* PROMPT *
The answer must be an exact reprint of the lines from the one with "6.0 s after image 1." through the final line of the data, with no pictures included.

START RECORDS SHOWN

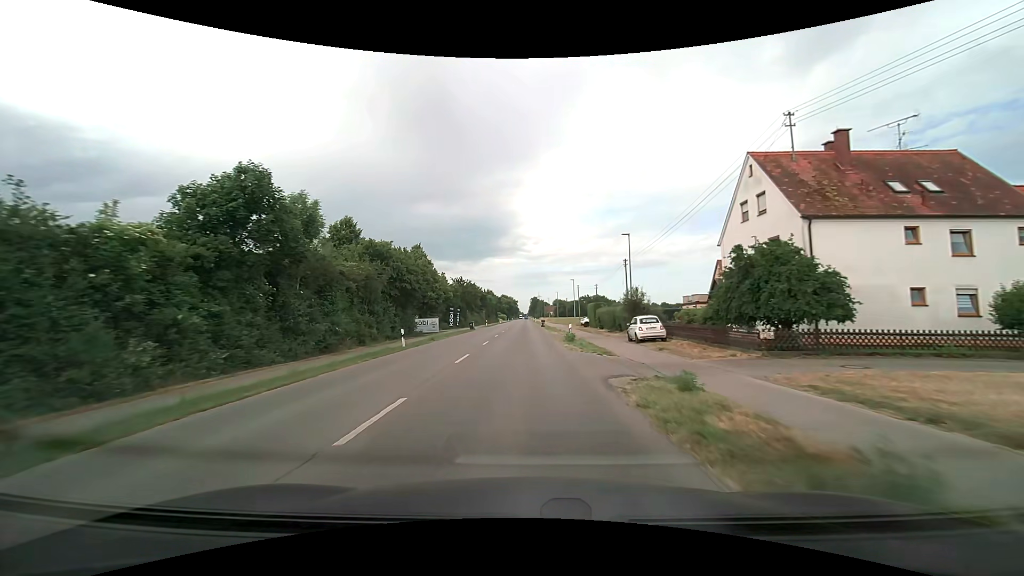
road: tertiary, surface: asphalt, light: Day
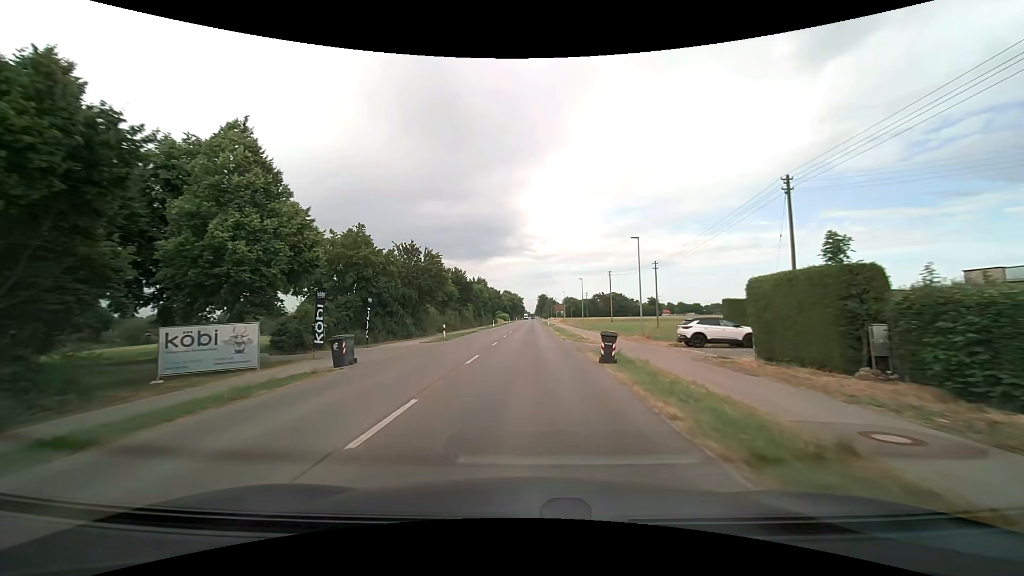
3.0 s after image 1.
(-0.6, +45.2) m; -1°
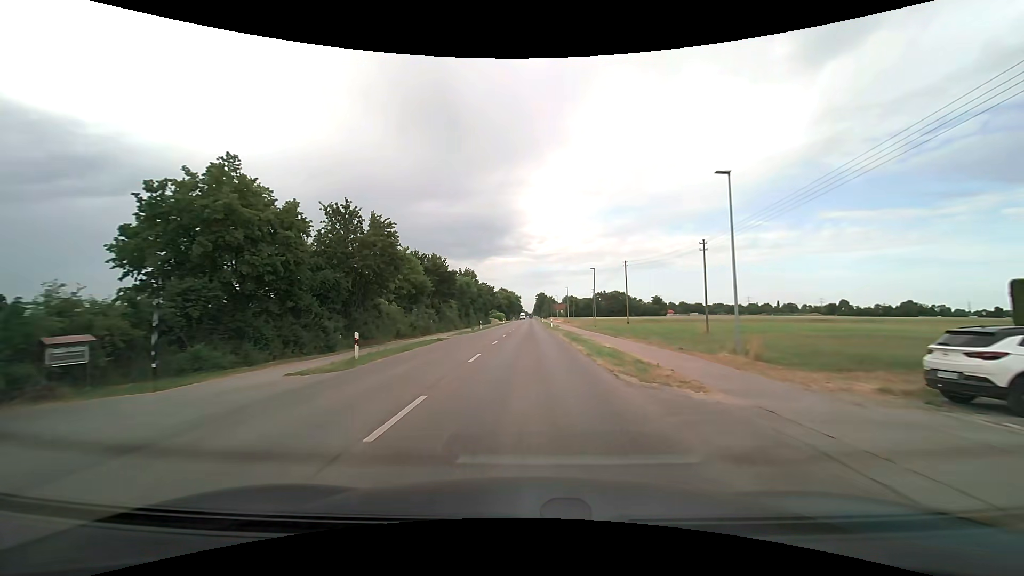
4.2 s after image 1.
(0.0, +17.8) m; 0°
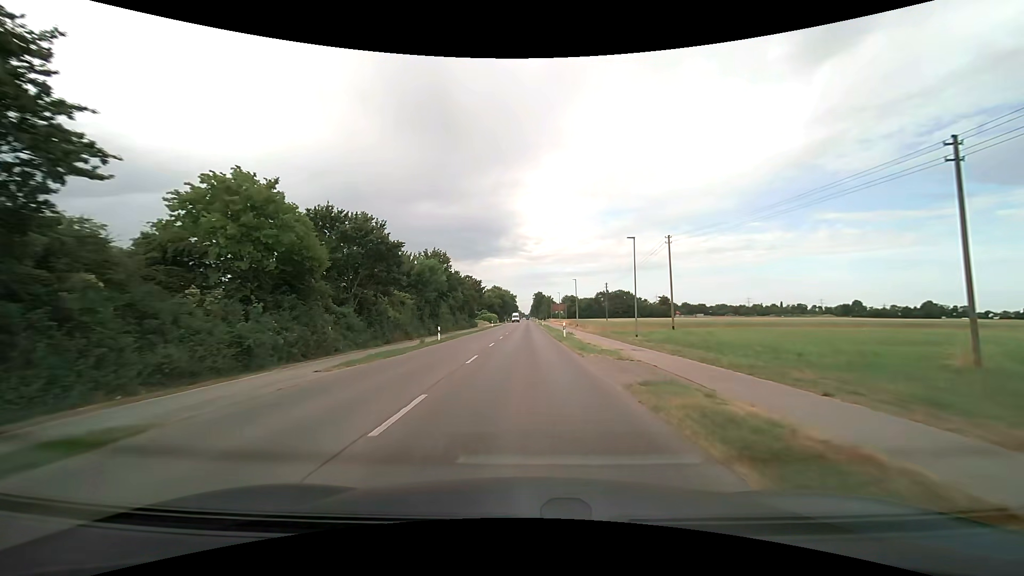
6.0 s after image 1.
(+0.1, +26.7) m; 0°
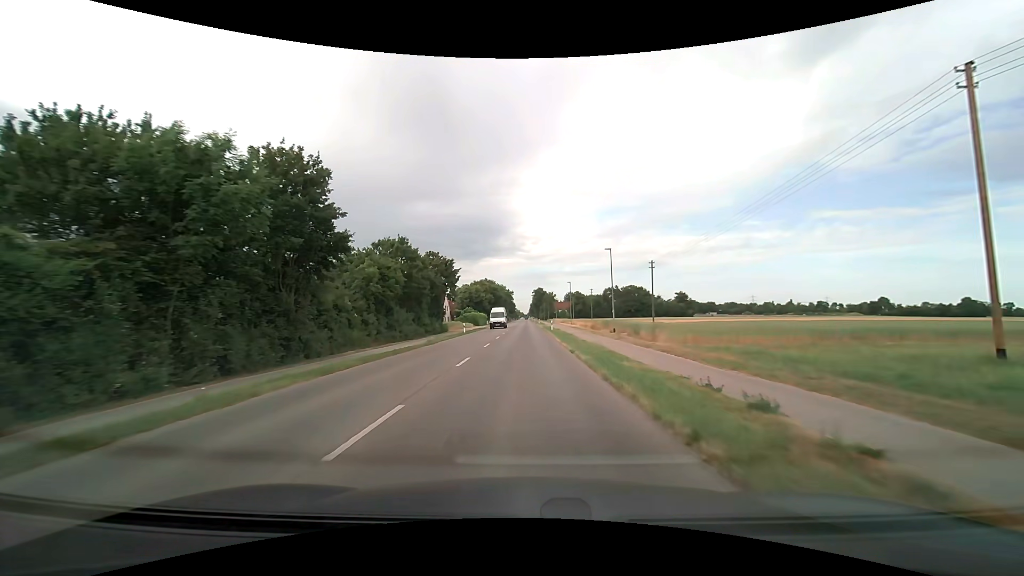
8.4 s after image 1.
(+0.2, +37.2) m; 0°
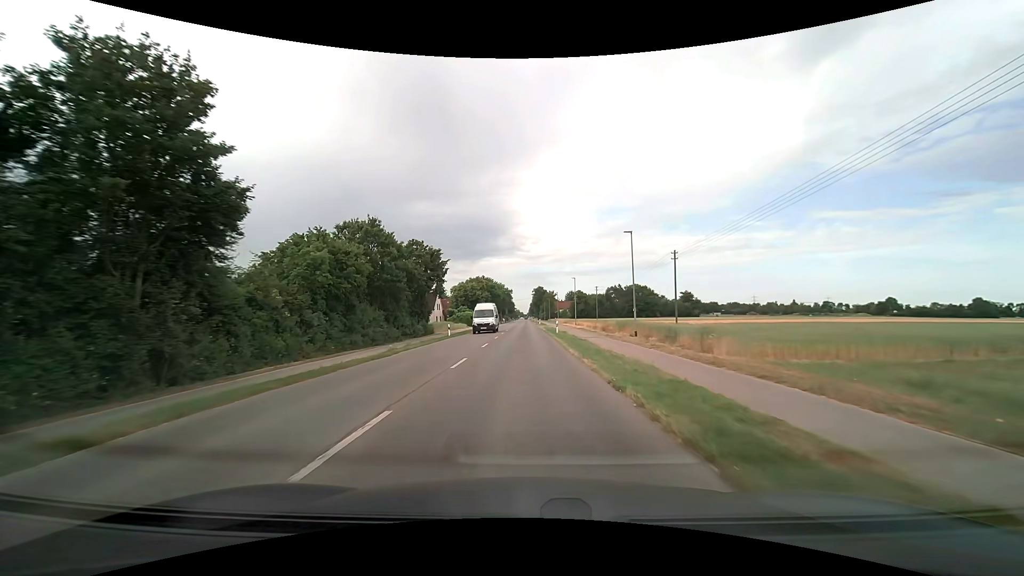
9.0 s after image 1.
(0.0, +9.6) m; 0°
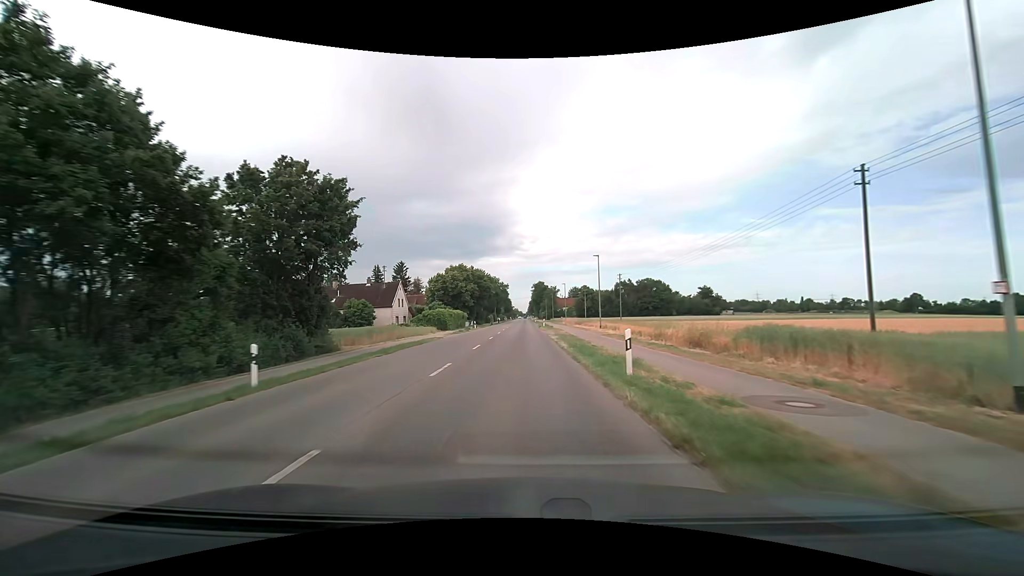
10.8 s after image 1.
(+0.1, +29.2) m; 0°
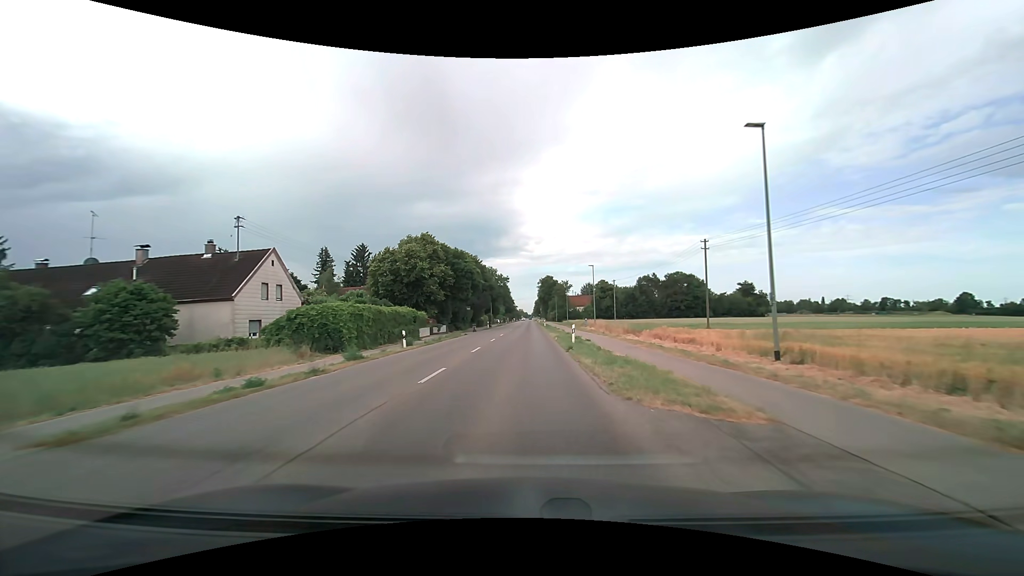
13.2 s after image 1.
(0.0, +37.0) m; 0°
(0, +10) (0, +20) (0, +30) (0, +40) (0, +50) (0, +60) (0, +70) (0, +80) (0, +90) (0, +100) m

END RECORDS SHOWN

* ANSWER SECTION *
6.0 s after image 1.
(+0.1, +26.7) m; 0°
8.4 s after image 1.
(+0.2, +37.2) m; 0°
9.0 s after image 1.
(0.0, +9.6) m; 0°
10.8 s after image 1.
(+0.1, +29.2) m; 0°
13.2 s after image 1.
(0.0, +37.0) m; 0°
(0, +10) (0, +20) (0, +30) (0, +40) (0, +50) (0, +60) (0, +70) (0, +80) (0, +90) (0, +100) m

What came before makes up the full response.